В традиционной эстетике Китая хорошо сознавалось значение хаотического (не)единства для истолкования художественного творчества. Достаточно упомянуть об основополагающем для китайской живописи принципе «одного движения кистью», «одной черты» (и хуа), или «одного закона» (и фа). С древности принцип «одной черты» отождествляли с движением («энергией») кисти, соответствующим древнему уставному письму. Древность в данном случае соотносилась, надо полагать, с предбытием «вечнопреемственности сердца». Именно так истолковывал «одно движение кисти» ученый XIII века Дэн Чунь, который писал, что все разнообразие живописных образов и приемов сводится к «одному закону» и этот закон есть «преемствование духа»[156]. На рубеже XVII–XVIII веков художник Шитао разъяснял смысл «единого закона» живописи в следующих словах:
«В незапамятно-древнем нет приемов, и великая целостность не рассеяна.

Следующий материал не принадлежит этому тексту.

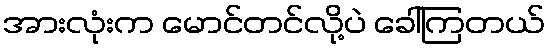
အားလုံးက မောင်တင်လို့ပဲ ခေါ်ကြတယ်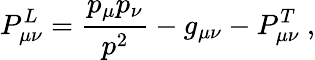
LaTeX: P_{\mu\nu}^{L}=\frac{p_{\mu}p_{\nu}}{p^{2}}-g_{\mu\nu}-P_{\mu\nu}^{T}\ ,

Когда же великая целостность рассеяна, появляются приемы. На чем же основываются приемы? Они основываются на одной черте. Одна черта – исток всего сущего, корень всех явлений. Она раскрывается в жизни духа и хранится человеком. Посему истина одной черты устанавливается нами самими. Постигший истину одной черты может вывести все приемы из отсутствия приемов и постичь одну истину во всех истинах…»[157]
Созерцать картину нужно так же, как рассматривают письмена: надобно оценить, насколько она «наполненна», «жива» и «правильно поставлена», надо искать в ней «тонкое» и «древнее». Мастер посредством кисти удостоверяет свою волю – вот в чем кроется смысл картины!
Ту ЛунПонятие «одной черты» у Шитао вмещает в себя целую философию искусства. Проведение черты – или явление импульса воли в глубинах мирового Сердца – кладет конец несотворенной целостности Хаоса; оно знаменует творение мира как процесс последовательного разграничения, разделения. В то же время «одна черта» охватывает всю практику живописи в ее вещном бытовании, ибо что же такое живопись, как не проведение линий кистью? Это тем более верно в отношении живописи китайской, которая со временем все более сближалась по своим техническим средствам и приемам с графикой (в китайском языке иероглиф хуа обозначал и черту иероглифа, и рисунок). К примеру, зарисовки бамбука или цветов, выполненные минскими мастерами, являют образец органического единства живописи и каллиграфии.